Type of presentation: Poster

IT-9-P-3029 Strain Analysis by Nano-Beam Electron Diffraction (SANBED) in semiconductor nanostructures

Mahr C.1, Müller K.1, Erben D.1, Schowalter M.1, Zweck J.2, Volz K.3, Rosenauer A.1
1Universität Bremen, Otto-Hahn-Allee 1, 28359 Bremen (Germany), 2Universität Regensburg, Universitätsstraße 31, 93040 Regensburg (Germany), 3Philipps Universität Marburg, Hans-Meerwein-Straße, 35032 Marburg (Germany)
mahr@ifp.uni-bremen.de

The measurement of lattice strain is an important aspect in the characterisation of semiconductor nanostructures. As strain has large influence e.g. on the mobility of charge carriers, methods for accurate strain measurement with high precision are mandatory. In the present work [1] we measure strain from the positions of diffraction discs in convergent-beam electron diffraction (CBED) patterns using dedicated algorithms. Large one- and two-dimensional series of CBED-patterns (~3000) in semiconductor nanostructures have been recorded at an FEI Titan facility in STEM mode. Contrary to parallel illumination in conventional Nano-beam electron diffraction (NBED), we show that focusing the beam with a semi-convergence of 2.6 mrad increases the spatial resolution drastically by a factor of 5 to be 0.5 – 0.7nm.
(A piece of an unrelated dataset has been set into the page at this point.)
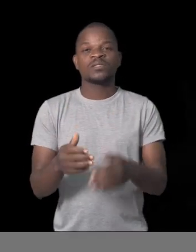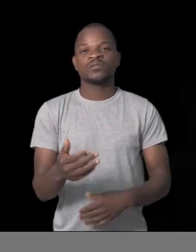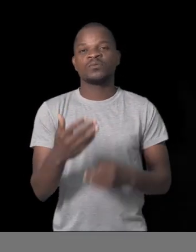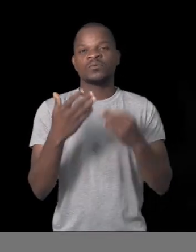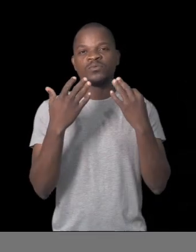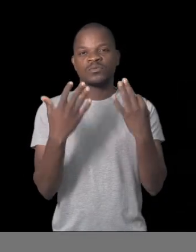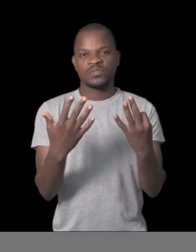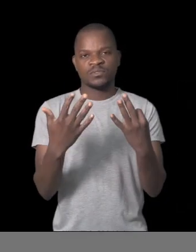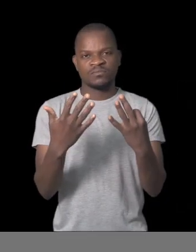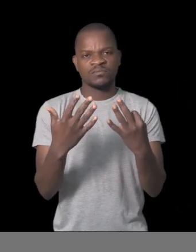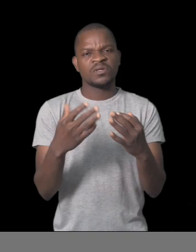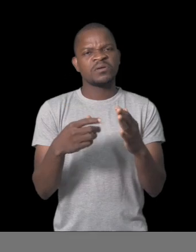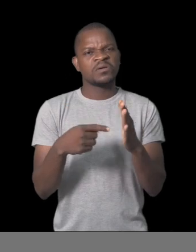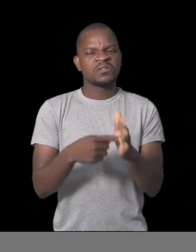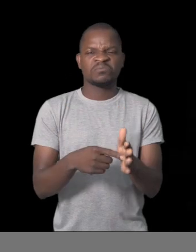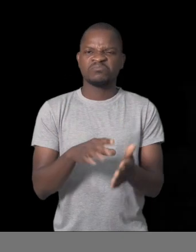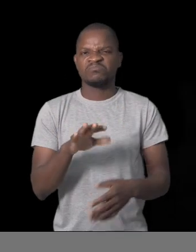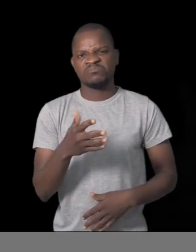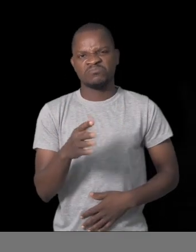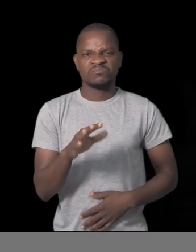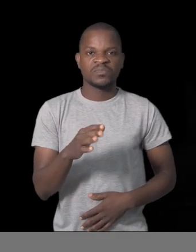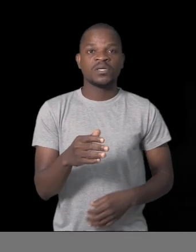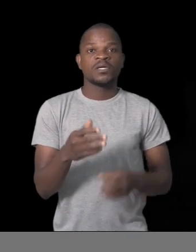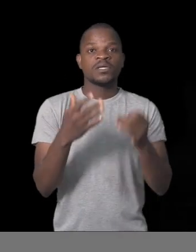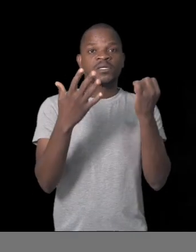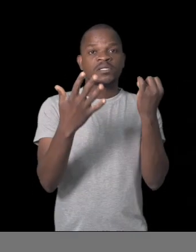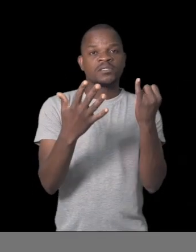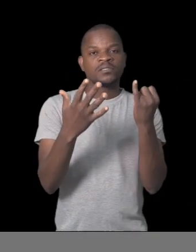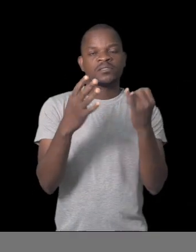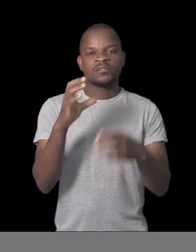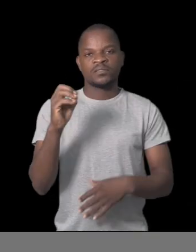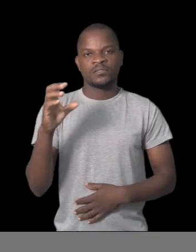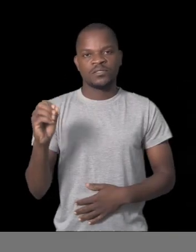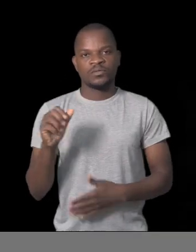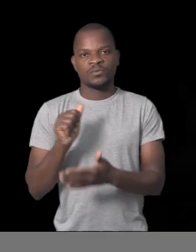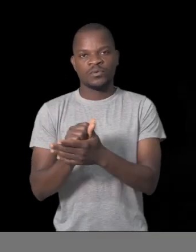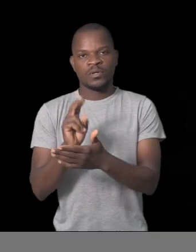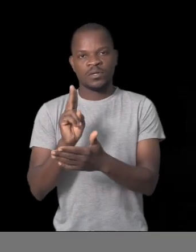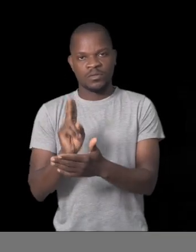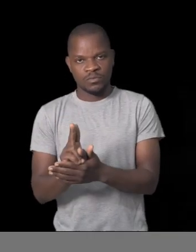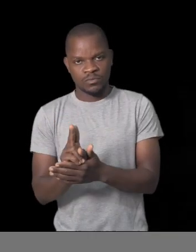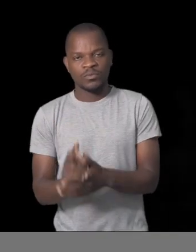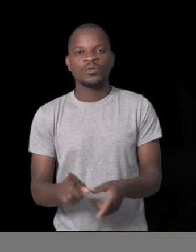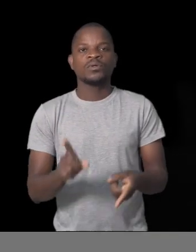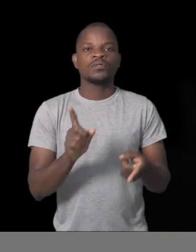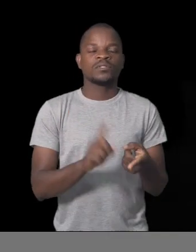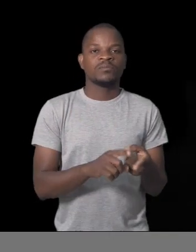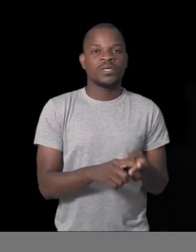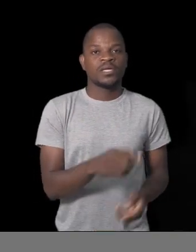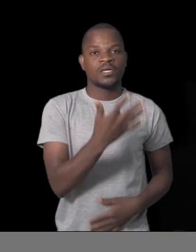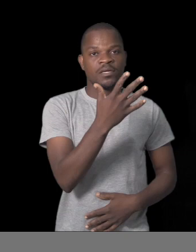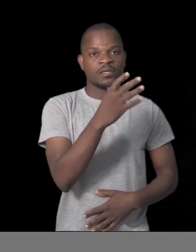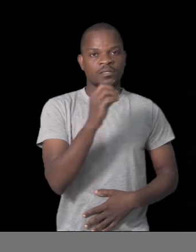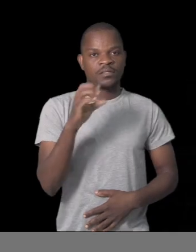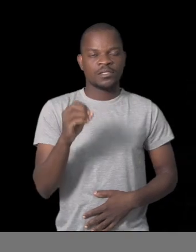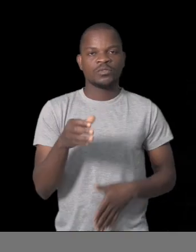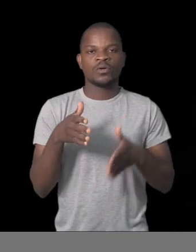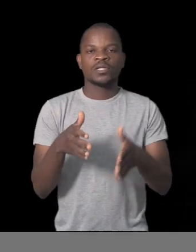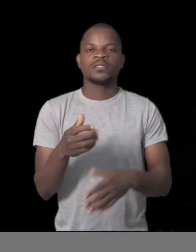esperados 600 alunos e 500 para a 11ª classe. Diz-se alentar que

We determined the precision of this method to be 0.07%.

The rich inner structure of CBED-discs causes a big challenge to recognize their positions accurately. In particular, three different algorithms have been developed: As shown in figure 1, the first algorithm detects edges around each disc and iteratively deselects erroneous edges by circle-fitting. In this way the fit converges to the disc boundary. A disadvantage of this parameter-free method is a long computation time. An improvement of speed by a factor of 15 is achieved with the Radial Gradient Maximisation method. This method positions two sets of rings around the initially estimated disc position, one set of rings with smaller radii than estimated and one with larger radii, as illustrated in figure 2. Disc position and radius are determined by maximising the difference between the integrated intensity on inner and outer rings. The third method is a cross-correlation with different masks. As it is nearly a factor of 100 faster than the edge detection algorithm it is capable for in-situ strain measurement during CBED pattern acquisition. The left part of figure 3 shows two different masks. Mask A assumes fully illuminated CBED-discs, whereas with mask B the inner structure of the diffraction discs has less influence on the result. The right part of figure 3 shows the change in the correlation function if the disc is shifted. The disc position can be determined from the shift between mask and experiment. We compare the precision of the three different algorithms among each other and with respect to former approaches [e.g. 2, 3]. Finally we show by application, that specimen cooling, zero-loss energy filtering and aberrations of the projection system only weakly affect the measured strain.

[1] K. Müller and A. Rosenauer et al., Microsc. Microanal. 18 (2012), p. 995.

[2] F. Uesugi et al., Ultramicroscopy 111 (2011), p.995.

[3] A. Béché et al., Appl. Phys. Lett. 95 (2009), p. 123114.


This work was supported by the Deutsche Forschungsgemeinschaft (DFG) under contracts numer RO2057/8-1, SCHO1196/3, V0805/4 and V0805/5.

Fig. 1: Disc position and radius recognition with selective edge detection. (a) Process from experimental raw data to fitted disc position. (b) Edge point deselection: Beginning with the first circle-fit to all edge points, the point with the largest distance to the fitted circle is deleted until only edge points on the disc boundary remain.

Fig. 2: Disc position and radius recognition with Radial Gradient Maximisation. Two sets of rings are positioned inside and outside an initial radius estimation and the intensity is integrated. Radius and position are fitted via maximisation of the difference between both sums.

Fig. 3: Disc-position recognition via cross-correlation with masks. Left: Masks for correlation. Right: Changes in correlation-function (down) when the experimental disc shifts. Disc-position recognition from shift between experiment and mask.